__Recorded data__.

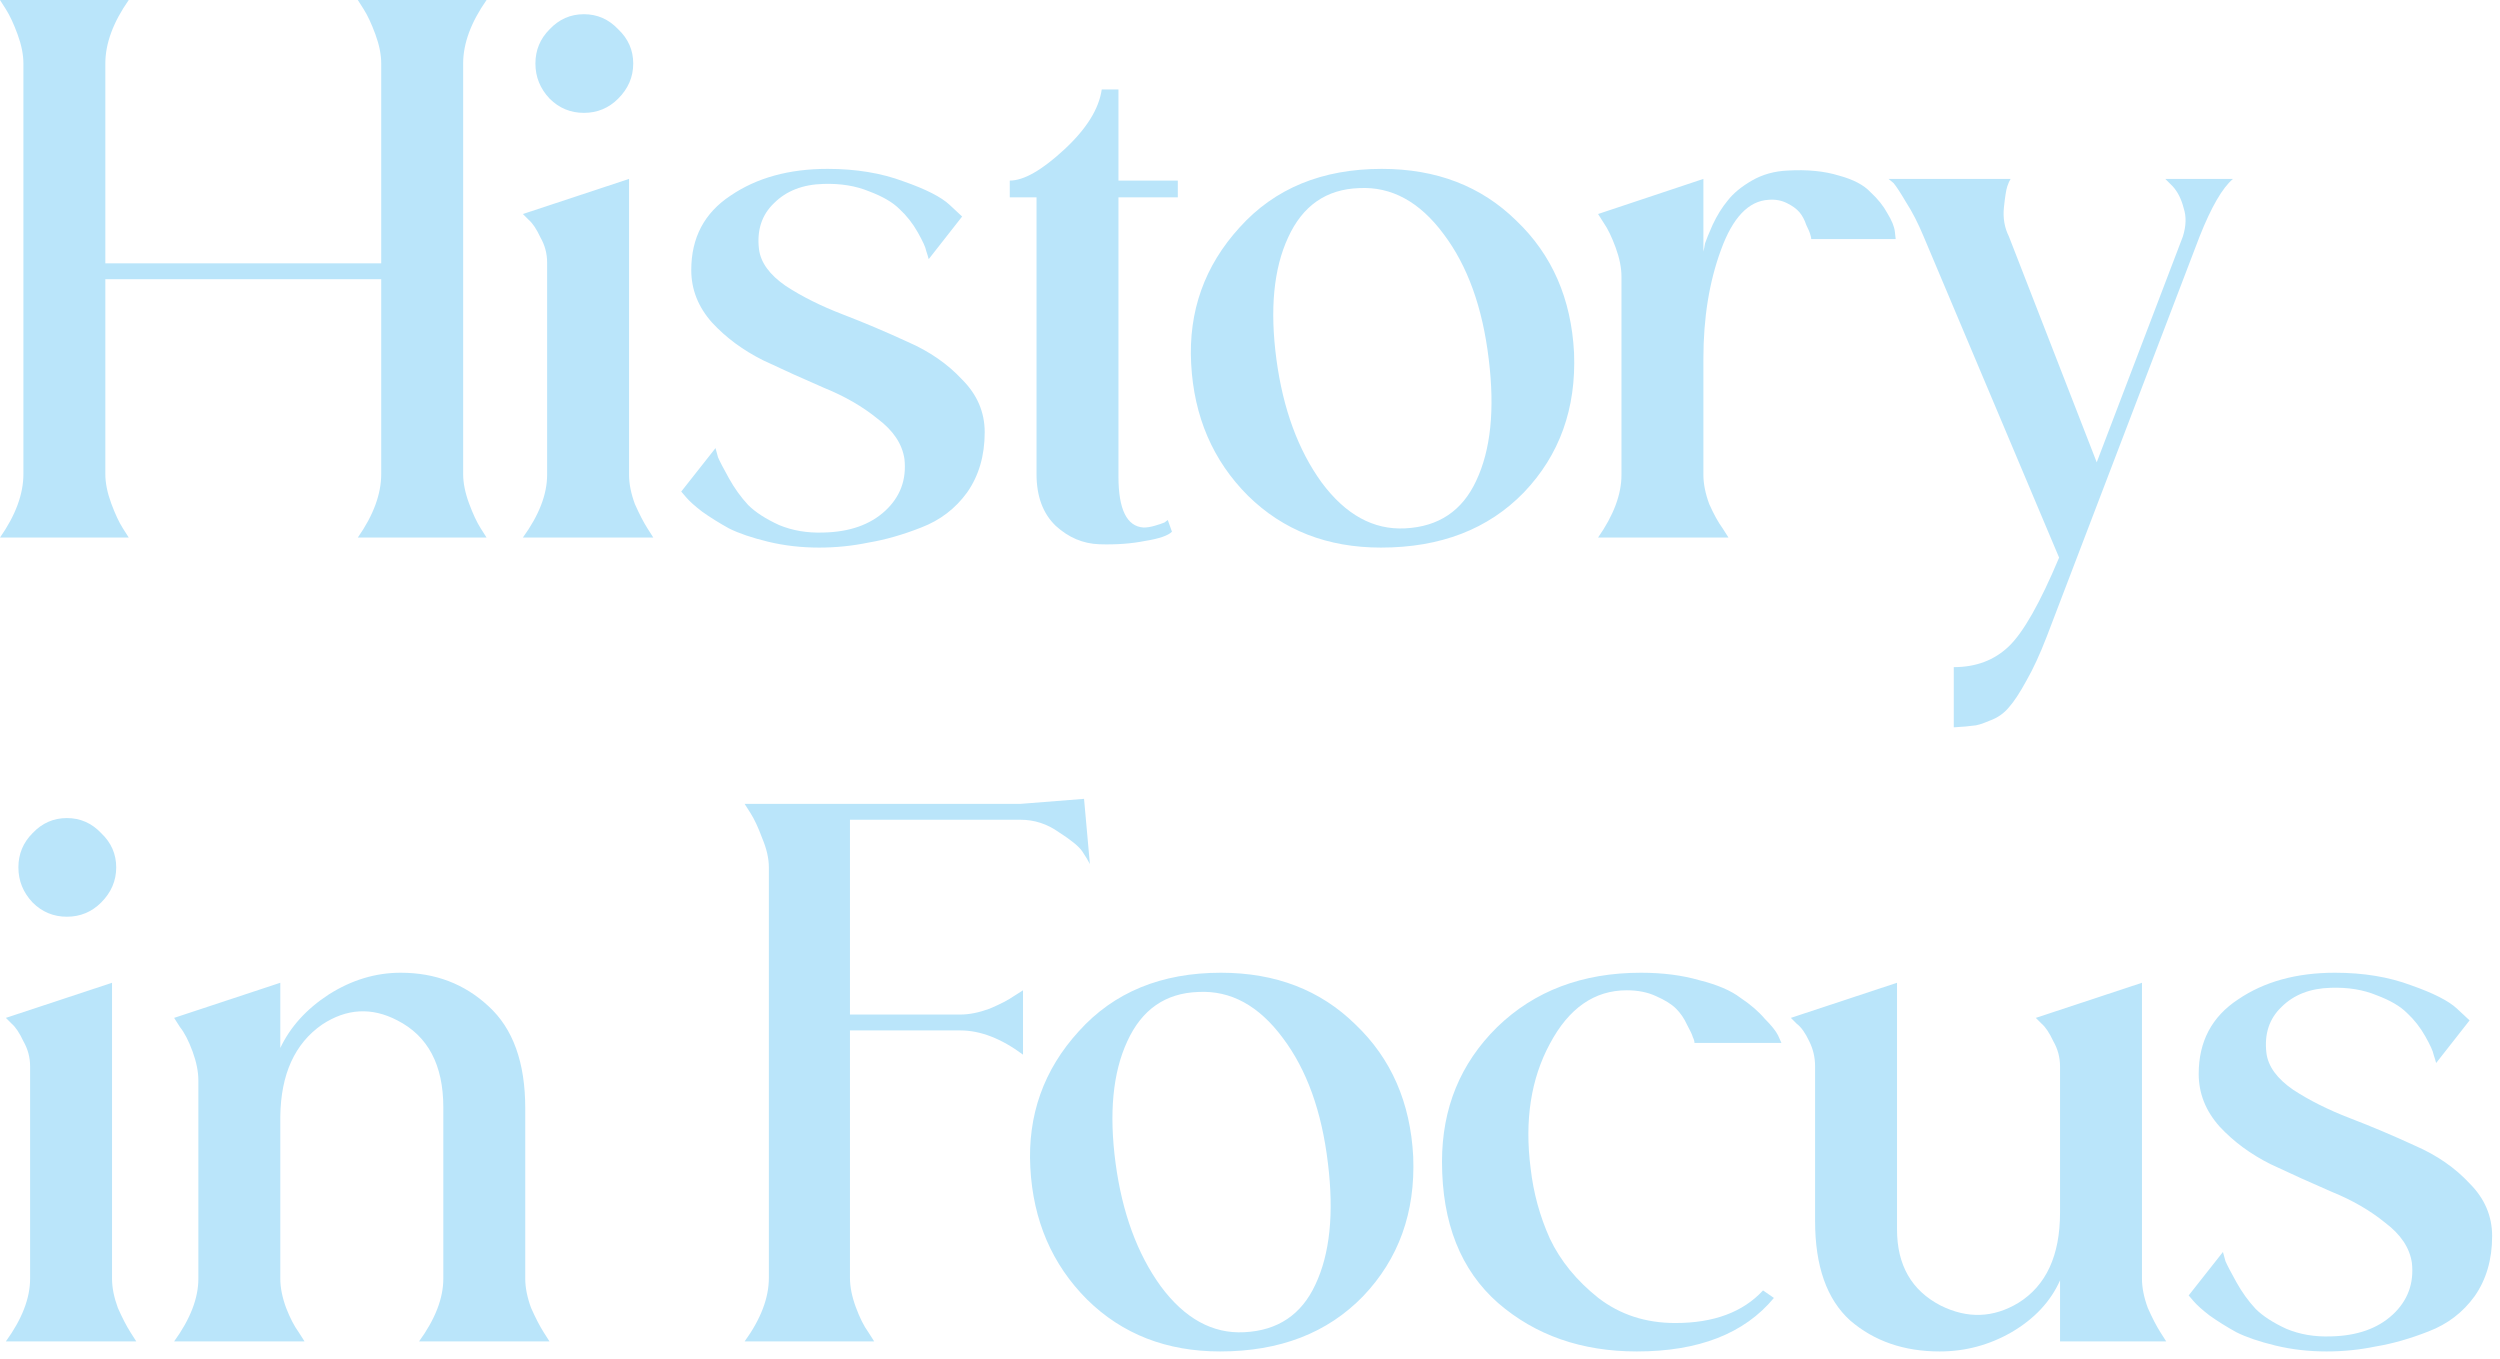 <svg width="311" height="169" viewBox="0 0 311 169" fill="none" xmlns="http://www.w3.org/2000/svg">
<path d="M289.951 166.248C293.209 166.178 295.775 165.277 297.647 163.544C299.519 161.81 300.316 159.661 300.039 157.096C299.761 155.224 298.652 153.56 296.711 152.104C294.839 150.578 292.62 149.296 290.055 148.256C287.489 147.146 284.958 146.002 282.462 144.824C279.966 143.576 277.852 142.016 276.118 140.144C274.385 138.202 273.518 136.018 273.518 133.592C273.518 129.57 275.148 126.485 278.406 124.336C281.665 122.117 285.686 121.008 290.47 121.008C294.006 121.008 297.161 121.528 299.935 122.568C302.708 123.538 304.615 124.509 305.655 125.48L307.215 126.936L303.055 132.24C302.985 131.962 302.881 131.616 302.742 131.2C302.673 130.784 302.327 130.021 301.703 128.912C301.079 127.802 300.316 126.832 299.414 126C298.582 125.168 297.335 124.44 295.671 123.816C294.007 123.122 292.1 122.81 289.951 122.88C287.385 122.949 285.34 123.746 283.815 125.272C282.289 126.728 281.665 128.634 281.943 130.992C282.151 132.656 283.26 134.181 285.271 135.568C287.281 136.885 289.638 138.064 292.342 139.104C295.046 140.144 297.75 141.288 300.454 142.536C303.158 143.714 305.412 145.274 307.215 147.216C309.087 149.088 310.022 151.272 310.022 153.768C310.022 156.68 309.295 159.176 307.839 161.256C306.382 163.266 304.476 164.722 302.118 165.624C299.83 166.525 297.646 167.149 295.566 167.496C293.556 167.912 291.511 168.12 289.431 168.12C287.212 168.12 285.097 167.877 283.087 167.392C281.076 166.906 279.447 166.352 278.199 165.728C276.951 165.034 275.841 164.341 274.871 163.648C273.969 162.954 273.311 162.365 272.895 161.88L272.271 161.152L276.535 155.744C276.604 156.021 276.708 156.402 276.846 156.888C277.054 157.373 277.505 158.24 278.199 159.488C278.892 160.736 279.689 161.845 280.591 162.816C281.492 163.717 282.775 164.549 284.439 165.312C286.103 166.005 287.94 166.317 289.951 166.248Z" fill="#BAE5FA"/>
<path d="M266.461 159.072C266.461 160.181 266.704 161.395 267.189 162.712C267.744 163.96 268.264 164.965 268.749 165.728L269.477 166.872H256.269V159.28C255.091 161.915 253.08 164.064 250.237 165.728C247.464 167.323 244.483 168.12 241.293 168.12C236.856 168.12 233.147 166.837 230.165 164.272C227.253 161.637 225.797 157.512 225.797 151.896V132.656C225.797 131.547 225.555 130.507 225.069 129.536C224.584 128.496 224.064 127.768 223.509 127.352L222.781 126.624L235.989 122.256V152.936C235.989 157.373 237.792 160.528 241.397 162.4C244.725 164.064 247.949 163.96 251.069 162.088C254.536 159.939 256.269 156.195 256.269 150.856V132.656C256.269 131.547 255.992 130.507 255.437 129.536C254.952 128.496 254.467 127.768 253.981 127.352L253.253 126.624L266.461 122.256V159.072Z" fill="#BAE5FA"/>
<path d="M203.618 168.12C196.754 168.12 190.999 166.109 186.354 162.088C181.708 157.997 179.386 152.138 179.386 144.512C179.386 137.856 181.674 132.274 186.25 127.768C190.895 123.261 196.858 121.008 204.138 121.008C206.842 121.008 209.268 121.32 211.418 121.944C213.636 122.498 215.335 123.226 216.514 124.128C217.762 124.96 218.767 125.826 219.53 126.728C220.362 127.56 220.916 128.253 221.194 128.808L221.61 129.744H210.794C210.794 129.536 210.724 129.293 210.586 129.016C210.516 128.738 210.274 128.218 209.858 127.456C209.511 126.693 209.06 126.034 208.506 125.48C207.951 124.925 207.119 124.405 206.01 123.92C204.97 123.434 203.756 123.192 202.37 123.192C198.348 123.192 195.159 125.41 192.802 129.848C190.444 134.216 189.647 139.381 190.41 145.344C190.756 148.394 191.554 151.306 192.802 154.08C194.119 156.853 196.13 159.314 198.834 161.464C201.538 163.544 204.727 164.584 208.402 164.584C213.186 164.584 216.826 163.232 219.322 160.528L220.674 161.464C216.999 165.901 211.314 168.12 203.618 168.12Z" fill="#BAE5FA"/>
<path d="M151.78 168.12C145.124 168.12 139.612 165.97 135.244 161.672C130.876 157.304 128.519 151.826 128.172 145.24C127.825 138.722 129.836 133.072 134.204 128.288C138.572 123.434 144.465 121.008 151.884 121.008C158.679 121.008 164.26 123.157 168.628 127.456C173.065 131.685 175.457 137.162 175.804 143.888C176.081 150.821 174.001 156.61 169.564 161.256C165.127 165.832 159.199 168.12 151.78 168.12ZM149.076 123.4C144.985 123.538 142.039 125.584 140.236 129.536C138.433 133.418 137.948 138.48 138.78 144.72C139.612 150.89 141.484 155.986 144.396 160.008C147.377 164.029 150.844 165.936 154.796 165.728C158.956 165.52 161.903 163.544 163.636 159.8C165.439 155.986 165.959 150.96 165.196 144.72C164.433 138.272 162.561 133.072 159.58 129.12C156.599 125.098 153.097 123.192 149.076 123.4Z" fill="#BAE5FA"/>
<path d="M95.647 107.905C95.647 106.796 95.37 105.582 94.815 104.265C94.329 102.948 93.844 101.908 93.359 101.145L92.631 100.001H126.951L134.855 99.377L135.583 107.489C135.375 107.073 135.063 106.553 134.647 105.929C134.231 105.305 133.26 104.508 131.735 103.537C130.279 102.497 128.684 101.977 126.951 101.977H105.735V126.209H119.463C120.572 126.209 121.786 125.966 123.103 125.481C124.42 124.926 125.426 124.406 126.119 123.921L127.263 123.193V131.201C124.559 129.19 121.959 128.185 119.463 128.185H105.735V158.969C105.735 160.078 105.978 161.292 106.463 162.609C106.948 163.926 107.468 164.966 108.023 165.729L108.751 166.873H92.631C94.641 164.1 95.647 161.465 95.647 158.969V107.905Z" fill="#BAE5FA"/>
<path d="M24.677 134.424C24.677 133.314 24.434 132.101 23.949 130.784C23.464 129.466 22.944 128.461 22.389 127.768L21.661 126.624L34.869 122.256V130.368C36.117 127.733 38.128 125.514 40.901 123.712C43.744 121.909 46.725 121.008 49.845 121.008C54.144 121.008 57.784 122.394 60.765 125.168C63.816 127.941 65.341 132.17 65.341 137.856V159.072C65.341 160.181 65.584 161.394 66.069 162.712C66.624 163.96 67.144 164.965 67.629 165.728L68.357 166.872H52.133C54.144 164.098 55.149 161.498 55.149 159.072V137.752C55.149 132.482 53.242 128.877 49.429 126.936C46.24 125.272 43.12 125.445 40.069 127.456C36.672 129.813 34.938 133.626 34.869 138.896V159.072C34.869 160.181 35.112 161.394 35.597 162.712C36.083 163.96 36.602 164.965 37.157 165.728L37.885 166.872H21.661C23.672 164.098 24.677 161.498 24.677 159.072V134.424Z" fill="#BAE5FA"/>
<path d="M12.585 112.272C11.406 113.45 9.985 114.04 8.321 114.04C6.657 114.04 5.235 113.45 4.057 112.272C2.878 111.024 2.289 109.568 2.289 107.904C2.289 106.24 2.878 104.818 4.057 103.64C5.235 102.392 6.657 101.768 8.321 101.768C9.985 101.768 11.406 102.392 12.585 103.64C13.832 104.818 14.457 106.24 14.457 107.904C14.457 109.568 13.832 111.024 12.585 112.272ZM3.745 132.656C3.745 131.546 3.467 130.506 2.913 129.536C2.427 128.496 1.942 127.768 1.457 127.352L0.729 126.624L13.937 122.256V159.072C13.937 160.181 14.179 161.394 14.665 162.712C15.219 163.96 15.739 164.965 16.224 165.728L16.953 166.872H0.729C2.739 164.098 3.745 161.498 3.745 159.072V132.656Z" fill="#BAE5FA"/>
<path d="M269.361 22.256H277.785C276.467 23.365 275.081 25.757 273.625 29.432L254.593 79.248C253.761 81.397 252.929 83.2 252.097 84.656C251.265 86.181 250.537 87.29 249.913 87.984C249.289 88.746 248.491 89.301 247.521 89.648C246.55 90.064 245.857 90.272 245.441 90.272C245.025 90.341 244.227 90.41 243.049 90.48V82.992C245.822 82.992 248.11 82.125 249.913 80.392C251.715 78.659 253.795 74.984 256.153 69.368L239.305 29.432C238.611 27.768 237.883 26.346 237.121 25.168C236.427 23.989 235.907 23.192 235.561 22.776L234.937 22.256H250.121C249.982 22.464 249.843 22.776 249.705 23.192C249.566 23.608 249.427 24.474 249.289 25.792C249.15 27.109 249.358 28.323 249.913 29.432L260.833 57.512L271.545 29.432C271.961 28.114 271.995 26.936 271.649 25.896C271.371 24.787 270.921 23.885 270.297 23.192L269.361 22.256Z" fill="#BAE5FA"/>
<path d="M201.711 34.423C201.711 33.314 201.468 32.101 200.983 30.783C200.498 29.466 200.012 28.461 199.527 27.767L198.799 26.623L211.903 22.255V31.303C211.972 31.026 212.041 30.679 212.111 30.263C212.249 29.847 212.561 29.085 213.047 27.975C213.601 26.797 214.225 25.791 214.919 24.959C215.612 24.058 216.617 23.226 217.935 22.463C219.252 21.701 220.743 21.285 222.407 21.215C224.833 21.077 226.948 21.285 228.751 21.839C230.553 22.325 231.871 23.018 232.703 23.919C233.604 24.751 234.298 25.618 234.783 26.519C235.338 27.421 235.649 28.183 235.719 28.807L235.823 29.743H225.319C225.319 29.605 225.284 29.431 225.215 29.223C225.145 28.946 224.972 28.53 224.695 27.975C224.487 27.351 224.209 26.831 223.863 26.415C223.516 25.999 222.996 25.618 222.303 25.271C221.609 24.925 220.847 24.786 220.015 24.855C217.519 24.994 215.543 27.074 214.087 31.095C212.631 35.047 211.903 39.554 211.903 44.615V59.071C211.903 60.181 212.145 61.394 212.631 62.711C213.185 63.959 213.74 64.965 214.295 65.727L215.023 66.871H198.799C200.74 64.098 201.711 61.498 201.711 59.071V34.423Z" fill="#BAE5FA"/>
<path d="M171.788 68.12C165.132 68.12 159.62 65.971 155.252 61.672C150.884 57.304 148.527 51.827 148.18 45.24C147.833 38.722 149.844 33.072 154.212 28.288C158.58 23.434 164.473 21.008 171.892 21.008C178.687 21.008 184.268 23.157 188.636 27.456C193.073 31.685 195.465 37.163 195.812 43.888C196.089 50.821 194.009 56.611 189.572 61.256C185.135 65.832 179.207 68.12 171.788 68.12ZM169.084 23.4C164.993 23.538 162.047 25.584 160.244 29.536C158.441 33.419 157.956 38.48 158.788 44.72C159.62 50.891 161.492 55.986 164.404 60.008C167.385 64.029 170.852 65.936 174.804 65.728C178.964 65.52 181.911 63.544 183.644 59.8C185.447 55.986 185.967 50.96 185.204 44.72C184.441 38.272 182.569 33.072 179.588 29.12C176.607 25.099 173.105 23.192 169.084 23.4Z" fill="#BAE5FA"/>
<path d="M128.944 24.545H125.616V22.465C127.35 22.465 129.603 21.182 132.376 18.617C135.15 16.052 136.71 13.556 137.056 11.129H139.136V22.465H146.52V24.545H139.136V59.281C139.136 63.372 140.176 65.486 142.256 65.625C142.672 65.625 143.123 65.556 143.608 65.417C144.094 65.278 144.51 65.14 144.856 65.001L145.272 64.689L145.792 66.145C145.307 66.63 144.198 67.012 142.464 67.289C140.731 67.636 138.824 67.774 136.744 67.705C134.734 67.636 132.931 66.873 131.336 65.417C129.742 63.892 128.944 61.742 128.944 58.969V24.545Z" fill="#BAE5FA"/>
<path d="M102.425 66.248C105.684 66.178 108.249 65.277 110.121 63.544C111.993 61.81 112.79 59.661 112.513 57.096C112.236 55.224 111.126 53.56 109.185 52.104C107.313 50.578 105.094 49.296 102.529 48.256C99.964 47.147 97.433 46.002 94.937 44.824C92.441 43.576 90.326 42.016 88.593 40.144C86.86 38.203 85.993 36.019 85.993 33.592C85.993 29.57 87.623 26.485 90.881 24.336C94.14 22.117 98.161 21.008 102.945 21.008C106.481 21.008 109.636 21.528 112.409 22.568C115.182 23.538 117.089 24.509 118.129 25.48L119.689 26.936L115.529 32.24C115.46 31.962 115.356 31.616 115.217 31.2C115.148 30.784 114.801 30.021 114.177 28.912C113.553 27.802 112.79 26.832 111.889 26C111.057 25.168 109.809 24.44 108.145 23.816C106.481 23.122 104.574 22.811 102.425 22.88C99.86 22.949 97.814 23.747 96.289 25.272C94.764 26.728 94.14 28.634 94.417 30.992C94.625 32.656 95.734 34.181 97.745 35.568C99.756 36.885 102.113 38.064 104.817 39.104C107.521 40.144 110.225 41.288 112.929 42.536C115.633 43.715 117.886 45.275 119.689 47.216C121.561 49.088 122.497 51.272 122.497 53.768C122.497 56.68 121.769 59.176 120.313 61.256C118.857 63.267 116.95 64.722 114.593 65.624C112.305 66.525 110.121 67.149 108.041 67.496C106.03 67.912 103.985 68.12 101.905 68.12C99.686 68.12 97.572 67.877 95.561 67.392C93.55 66.906 91.921 66.352 90.673 65.728C89.425 65.034 88.316 64.341 87.345 63.648C86.444 62.955 85.785 62.365 85.369 61.88L84.745 61.152L89.009 55.744C89.079 56.021 89.183 56.403 89.321 56.888C89.529 57.373 89.98 58.24 90.673 59.488C91.367 60.736 92.164 61.845 93.065 62.816C93.966 63.717 95.249 64.549 96.913 65.312C98.577 66.005 100.414 66.317 102.425 66.248Z" fill="#BAE5FA"/>
<path d="M76.902 12.272C75.723 13.45 74.302 14.04 72.638 14.04C70.974 14.04 69.553 13.45 68.374 12.272C67.195 11.024 66.606 9.568 66.606 7.904C66.606 6.24 67.195 4.818 68.374 3.64C69.553 2.392 70.974 1.768 72.638 1.768C74.302 1.768 75.723 2.392 76.902 3.64C78.15 4.818 78.774 6.24 78.774 7.904C78.774 9.568 78.15 11.024 76.902 12.272ZM68.062 32.656C68.062 31.546 67.785 30.506 67.23 29.536C66.745 28.496 66.259 27.768 65.774 27.352L65.046 26.624L78.254 22.256V59.072C78.254 60.181 78.497 61.394 78.982 62.712C79.537 63.96 80.057 64.965 80.542 65.728L81.27 66.872H65.046C67.057 64.098 68.062 61.498 68.062 59.072V32.656Z" fill="#BAE5FA"/>
<path d="M57.616 58.968C57.616 60.077 57.859 61.291 58.344 62.608C58.829 63.925 59.315 64.965 59.8 65.728L60.528 66.872H44.512C46.453 64.099 47.424 61.464 47.424 58.968V34.736H13.104V58.968C13.104 60.077 13.347 61.291 13.832 62.608C14.317 63.925 14.803 64.965 15.288 65.728L16.016 66.872H0C1.941 64.099 2.912 61.464 2.912 58.968V7.904C2.912 6.795 2.669 5.581 2.184 4.264C1.699 2.947 1.213 1.907 0.728 1.144L0 0H16.016C14.075 2.773 13.104 5.408 13.104 7.904V32.76H47.424V7.904C47.424 6.795 47.181 5.581 46.696 4.264C46.211 2.947 45.725 1.907 45.24 1.144L44.512 0H60.528C58.587 2.773 57.616 5.408 57.616 7.904V58.968Z" fill="#BAE5FA"/>
</svg>

__Task goal__.
The output should be exactly the lines above from the line containing "112.272C11.406 113.45 9.985" to the line containing "22.256H277.785C276.467 23.365 275.081", inclusive, with no other lines.

__Result of the task__.
<path d="M12.585 112.272C11.406 113.45 9.985 114.04 8.321 114.04C6.657 114.04 5.235 113.45 4.057 112.272C2.878 111.024 2.289 109.568 2.289 107.904C2.289 106.24 2.878 104.818 4.057 103.64C5.235 102.392 6.657 101.768 8.321 101.768C9.985 101.768 11.406 102.392 12.585 103.64C13.832 104.818 14.457 106.24 14.457 107.904C14.457 109.568 13.832 111.024 12.585 112.272ZM3.745 132.656C3.745 131.546 3.467 130.506 2.913 129.536C2.427 128.496 1.942 127.768 1.457 127.352L0.729 126.624L13.937 122.256V159.072C13.937 160.181 14.179 161.394 14.665 162.712C15.219 163.96 15.739 164.965 16.224 165.728L16.953 166.872H0.729C2.739 164.098 3.745 161.498 3.745 159.072V132.656Z" fill="#BAE5FA"/>
<path d="M269.361 22.256H277.785C276.467 23.365 275.081 25.757 273.625 29.432L254.593 79.248C253.761 81.397 252.929 83.2 252.097 84.656C251.265 86.181 250.537 87.29 249.913 87.984C249.289 88.746 248.491 89.301 247.521 89.648C246.55 90.064 245.857 90.272 245.441 90.272C245.025 90.341 244.227 90.41 243.049 90.48V82.992C245.822 82.992 248.11 82.125 249.913 80.392C251.715 78.659 253.795 74.984 256.153 69.368L239.305 29.432C238.611 27.768 237.883 26.346 237.121 25.168C236.427 23.989 235.907 23.192 235.561 22.776L234.937 22.256H250.121C249.982 22.464 249.843 22.776 249.705 23.192C249.566 23.608 249.427 24.474 249.289 25.792C249.15 27.109 249.358 28.323 249.913 29.432L260.833 57.512L271.545 29.432C271.961 28.114 271.995 26.936 271.649 25.896C271.371 24.787 270.921 23.885 270.297 23.192L269.361 22.256Z" fill="#BAE5FA"/>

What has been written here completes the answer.